Furthermore, the transaction requires an identity attestation or investment capacity attestation from the buyers. These are described in TokenScript as well so the context (e.g. user-agent) can prevent the user from submitting a transaction without qualifying proof or help the user to select suitable attestations for a purchase transaction.
TokenScript does not just help relay the attestation data, but it also enables wallets to conveniently allow buyers and sellers to submit and read the attestation data without the need for a hosted DApp service.
Reference information is relevant to the token, but not part of the smart contract. In our example reference information includes data like previous property sales price or regional property performance. This is data which is useful for the owner or buyer of a token. It is provided by web services, typically through a RESTful API call.[^trusted-information]
[^trusted-information]: Originally we call it "Trusted information", meaning the data is just "provided", without blockchain proofs or attestations, hence, it has to be explicitly trusted by the user. As it turned out, this term misfired as some developers think it means "proven information" and provided as trusted already. So we used a less precise term "Reference information", which, unfortunately, feels like a catch-all phrase.
It could be possible that eventually such information will end up being onchained.
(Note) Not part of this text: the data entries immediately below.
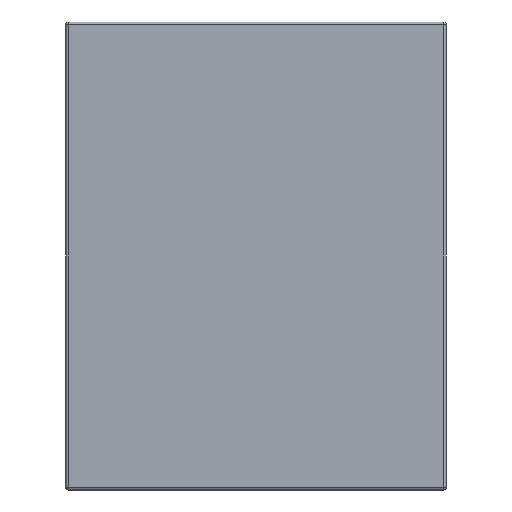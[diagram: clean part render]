
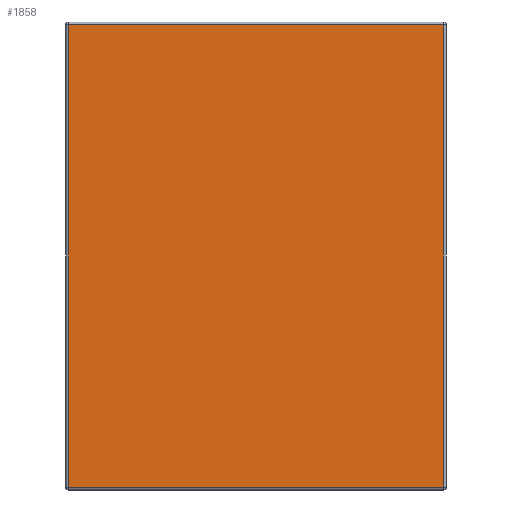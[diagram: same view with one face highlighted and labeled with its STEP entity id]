
A CAD part, front view. The second image highlights one B-rep face of the part: STEP entity #1858.
In plain terms, the highlighted planar face has unit normal (0, -1, 0).
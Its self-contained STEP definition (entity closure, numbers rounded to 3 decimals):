
#161 = VERTEX_POINT ( 'NONE', #3039 ) ;
#377 = DIRECTION ( 'NONE',  ( 0., 1., 0. ) ) ;
#456 = VERTEX_POINT ( 'NONE', #2110 ) ;
#507 = DIRECTION ( 'NONE',  ( -1., 0., 0. ) ) ;
#510 = LINE ( 'NONE', #3457, #3218 ) ;
#834 = VECTOR ( 'NONE', #3137, 1000. ) ;
#914 = VECTOR ( 'NONE', #1503, 1000. ) ;
#929 = AXIS2_PLACEMENT_3D ( 'NONE', #3977, #377, #2786 ) ;
#958 = ORIENTED_EDGE ( 'NONE', *, *, #2714, .T. ) ;
#1046 = PLANE ( 'NONE',  #929 ) ;
#1160 = FACE_OUTER_BOUND ( 'NONE', #3097, .T. ) ;
#1166 = VECTOR ( 'NONE', #507, 1000. ) ;
#1445 = DIRECTION ( 'NONE',  ( 0., 0., 1. ) ) ;
#1503 = DIRECTION ( 'NONE',  ( 0., 0., -1. ) ) ;
#1621 = LINE ( 'NONE', #3798, #1166 ) ;
#1733 = VERTEX_POINT ( 'NONE', #3567 ) ;
#1789 = LINE ( 'NONE', #3802, #914 ) ;
#1858 = ADVANCED_FACE ( 'NONE', ( #1160 ), #1046, .F. ) ;
#1876 = ORIENTED_EDGE ( 'NONE', *, *, #2527, .T. ) ;
#2088 = CARTESIAN_POINT ( 'NONE',  ( 0., -2.9, -21.5 ) ) ;
#2110 = CARTESIAN_POINT ( 'NONE',  ( 17.45, -2.9, 21.5 ) ) ;
#2485 = EDGE_CURVE ( 'NONE', #2777, #1733, #2558, .T. ) ;
#2511 = ORIENTED_EDGE ( 'NONE', *, *, #2589, .T. ) ;
#2527 = EDGE_CURVE ( 'NONE', #1733, #456, #510, .T. ) ;
#2558 = LINE ( 'NONE', #2088, #834 ) ;
#2589 = EDGE_CURVE ( 'NONE', #161, #2777, #1789, .T. ) ;
#2714 = EDGE_CURVE ( 'NONE', #456, #161, #1621, .T. ) ;
#2777 = VERTEX_POINT ( 'NONE', #3571 ) ;
#2786 = DIRECTION ( 'NONE',  ( 0., 0., 1. ) ) ;
#3039 = CARTESIAN_POINT ( 'NONE',  ( -17.45, -2.9, 21.5 ) ) ;
#3097 = EDGE_LOOP ( 'NONE', ( #1876, #958, #2511, #3643 ) ) ;
#3137 = DIRECTION ( 'NONE',  ( 1., 0., 0. ) ) ;
#3218 = VECTOR ( 'NONE', #1445, 1000. ) ;
#3457 = CARTESIAN_POINT ( 'NONE',  ( 17.45, -2.9, 0. ) ) ;
#3567 = CARTESIAN_POINT ( 'NONE',  ( 17.45, -2.9, -21.5 ) ) ;
#3571 = CARTESIAN_POINT ( 'NONE',  ( -17.45, -2.9, -21.5 ) ) ;
#3643 = ORIENTED_EDGE ( 'NONE', *, *, #2485, .T. ) ;
#3798 = CARTESIAN_POINT ( 'NONE',  ( 0., -2.9, 21.5 ) ) ;
#3802 = CARTESIAN_POINT ( 'NONE',  ( -17.45, -2.9, 0. ) ) ;
#3977 = CARTESIAN_POINT ( 'NONE',  ( 0., -2.9, 0. ) ) ;
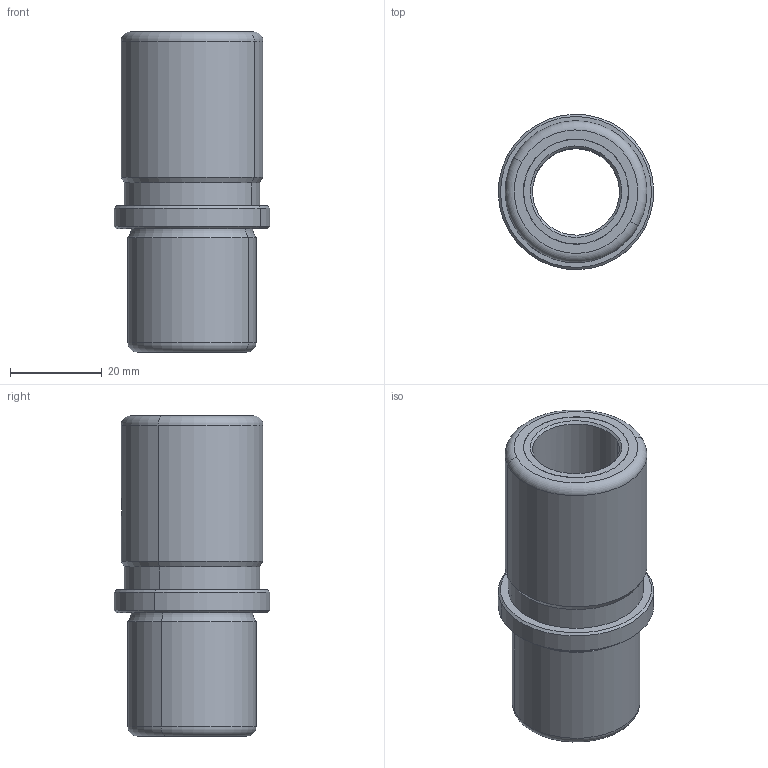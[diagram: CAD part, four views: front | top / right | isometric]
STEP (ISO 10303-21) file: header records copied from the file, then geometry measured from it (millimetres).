
FILE_DESCRIPTION(('CATIA V5 STEP Exchange'),'2;1');
FILE_NAME('RDBB201L.197027.stp','2017-05-31T21:43:35+00:00',('none'),('none'),'CATIA Version 5 Release 19 GA (IN-10)','CATIA V5 STEP AP203','none');
FILE_SCHEMA(('CONFIG_CONTROL_DESIGN'));
Length unit declared in the file: millimetre
Products named in the file (1): RDBB201L.197027
Bounding box: 33.99 x 33.99 x 70 mm (x, y, z)
Volume: 28981 mm3; surface area: 22007.6 mm2
Topology: 2 solids, 2 shells, 40 faces, 89 edges, 60 vertices
Faces by surface type: cylinder 18, cone 10, plane 6, torus 6
Entity records: 1158 total; most frequent: CARTESIAN_POINT 285, ORIENTED_EDGE 168, DIRECTION 137, EDGE_CURVE 84, AXIS2_PLACEMENT_3D 79, CIRCLE 50, EDGE_LOOP 50, VERTEX_POINT 50

But even than they will be created and uploaded by an entity which has to be trusted. Reference data always leads to the problem of trust and web integration. With TokenScript this data is signed by the token issuer (not by the token owner - the token issuer is often an entity that deployed the smart contract). In the case of the property this could be a real estate specialist. The reference information sourced from web APIs specified in TokenScript is assumed to be trusted, but can be changed later. The security chapter will detail different levels of trust.
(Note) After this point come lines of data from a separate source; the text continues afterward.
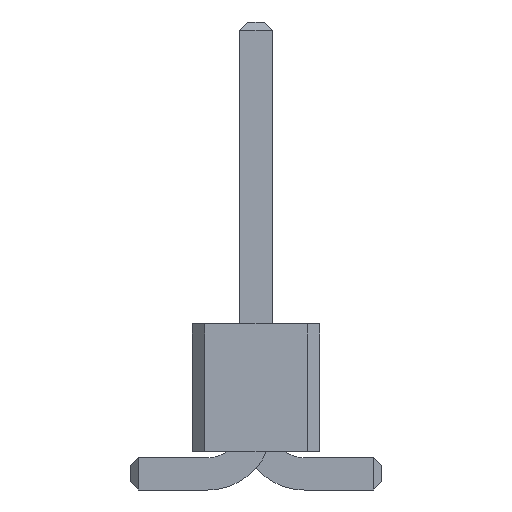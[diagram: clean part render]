
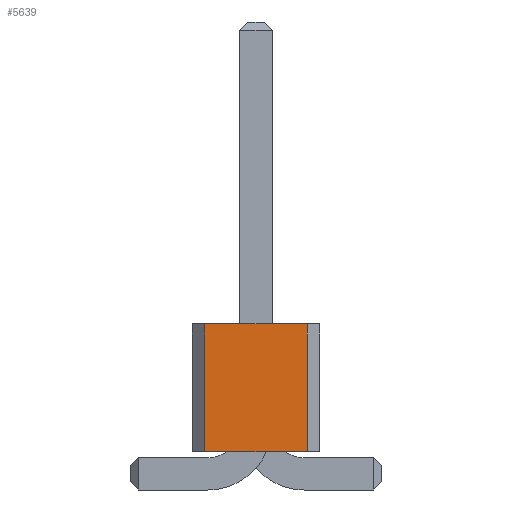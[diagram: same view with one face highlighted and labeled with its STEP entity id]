
A CAD part, front view. The second image highlights one B-rep face of the part: STEP entity #5639.
In plain terms, the highlighted planar face has unit normal (0, -1, 0).
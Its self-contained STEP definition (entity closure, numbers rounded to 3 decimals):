
#575 = VERTEX_POINT('',#576);
#576 = CARTESIAN_POINT('',(1.016,-26.67,0.76));
#582 = EDGE_CURVE('',#583,#575,#585,.T.);
#583 = VERTEX_POINT('',#584);
#584 = CARTESIAN_POINT('',(-1.016,-26.67,0.76));
#585 = LINE('',#586,#587);
#586 = CARTESIAN_POINT('',(-1.27,-26.67,0.76));
#587 = VECTOR('',#588,1.);
#588 = DIRECTION('',(1.,0.,0.));
#2337 = VERTEX_POINT('',#2338);
#2338 = CARTESIAN_POINT('',(-1.016,-26.67,3.3));
#2344 = EDGE_CURVE('',#2337,#2345,#2347,.T.);
#2345 = VERTEX_POINT('',#2346);
#2346 = CARTESIAN_POINT('',(1.016,-26.67,3.3));
#2347 = LINE('',#2348,#2349);
#2348 = CARTESIAN_POINT('',(-1.27,-26.67,3.3));
#2349 = VECTOR('',#2350,1.);
#2350 = DIRECTION('',(1.,0.,0.));
#5629 = EDGE_CURVE('',#583,#2337,#5630,.T.);
#5630 = LINE('',#5631,#5632);
#5631 = CARTESIAN_POINT('',(-1.016,-26.67,0.76));
#5632 = VECTOR('',#5633,1.);
#5633 = DIRECTION('',(0.,0.,1.));
#5639 = ADVANCED_FACE('',(#5640),#5651,.F.);
#5640 = FACE_BOUND('',#5641,.F.);
#5641 = EDGE_LOOP('',(#5642,#5643,#5644,#5645));
#5642 = ORIENTED_EDGE('',*,*,#582,.F.);
#5643 = ORIENTED_EDGE('',*,*,#5629,.T.);
#5644 = ORIENTED_EDGE('',*,*,#2344,.T.);
#5645 = ORIENTED_EDGE('',*,*,#5646,.F.);
#5646 = EDGE_CURVE('',#575,#2345,#5647,.T.);
#5647 = LINE('',#5648,#5649);
#5648 = CARTESIAN_POINT('',(1.016,-26.67,0.76));
#5649 = VECTOR('',#5650,1.);
#5650 = DIRECTION('',(0.,0.,1.));
#5651 = PLANE('',#5652);
#5652 = AXIS2_PLACEMENT_3D('',#5653,#5654,#5655);
#5653 = CARTESIAN_POINT('',(-1.27,-26.67,0.76));
#5654 = DIRECTION('',(0.,1.,0.));
#5655 = DIRECTION('',(1.,0.,0.));

Today, all such information related to a token is usually held together on a DAPP website made by the same entity that deployed the token. This has the shortcoming that the DAPP is only useful when the API is still available and reliable. Having it not in the smart contract but in TokenScript enables the token issuer to change the API source.
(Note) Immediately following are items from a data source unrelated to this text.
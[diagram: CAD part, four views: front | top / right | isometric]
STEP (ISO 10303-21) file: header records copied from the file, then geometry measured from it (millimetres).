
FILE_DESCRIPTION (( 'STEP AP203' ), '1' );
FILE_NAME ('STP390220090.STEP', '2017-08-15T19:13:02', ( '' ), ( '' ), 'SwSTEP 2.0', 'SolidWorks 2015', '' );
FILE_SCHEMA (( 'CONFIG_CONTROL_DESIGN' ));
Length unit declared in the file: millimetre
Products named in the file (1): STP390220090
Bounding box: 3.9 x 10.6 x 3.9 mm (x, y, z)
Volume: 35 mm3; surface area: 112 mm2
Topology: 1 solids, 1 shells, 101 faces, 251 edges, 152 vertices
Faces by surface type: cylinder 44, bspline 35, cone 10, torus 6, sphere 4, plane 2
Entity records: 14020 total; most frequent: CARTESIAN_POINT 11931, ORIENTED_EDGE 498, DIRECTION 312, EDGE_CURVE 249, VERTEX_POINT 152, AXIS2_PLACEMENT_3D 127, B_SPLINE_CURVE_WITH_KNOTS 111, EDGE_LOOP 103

Thus, we argue that for tokens to be effectively marketized, reference information needs to be abstracted out and placed in the token behaviour language TokenScript.
Action information dictates the correct method to construct a blockchain transaction, like:
- What attestations are needed to prove the buyer's capacity to purchase?
- What parameters are needed for a purchase (e.g. number of 1% shares)?
- How to render the purchase form and translate to the user's local language?
- Are the conditions all met (e.g. a purchase isn't possible after the underlying property is liquidated)?
- How to cast a vote if one is aligned with token ownership?
In Ethereum this information is a super-set of the smart contract programmable interface called ABI. It also contains business logic (e.g. property must be still valid and owned by the seller) and presentation logic (e.g. the message "The property is liquidated. Purchase no longer possible"). With more sophisticated token, this parts becomes more complex and will make it hard to load it in a smart contract and visualize it appropriately in the wallet.
TokenScript makes both the content as the visualization of the action information more flexible and accessible.
In conclusion, TokenScript allows the context (user-agent or trading engine) to:
- Fetch token related information from its holding smart contract, attestations and references.
- Produce a visual or audio rendering of the token
- Produce a list of actions that can be performed and explain how to construct the transactions.
Any party is able to render and apply functions to the token using TokenScript, including entities like generic marketplaces, user-agents and 3rd party apps. We call these parties "context" in general.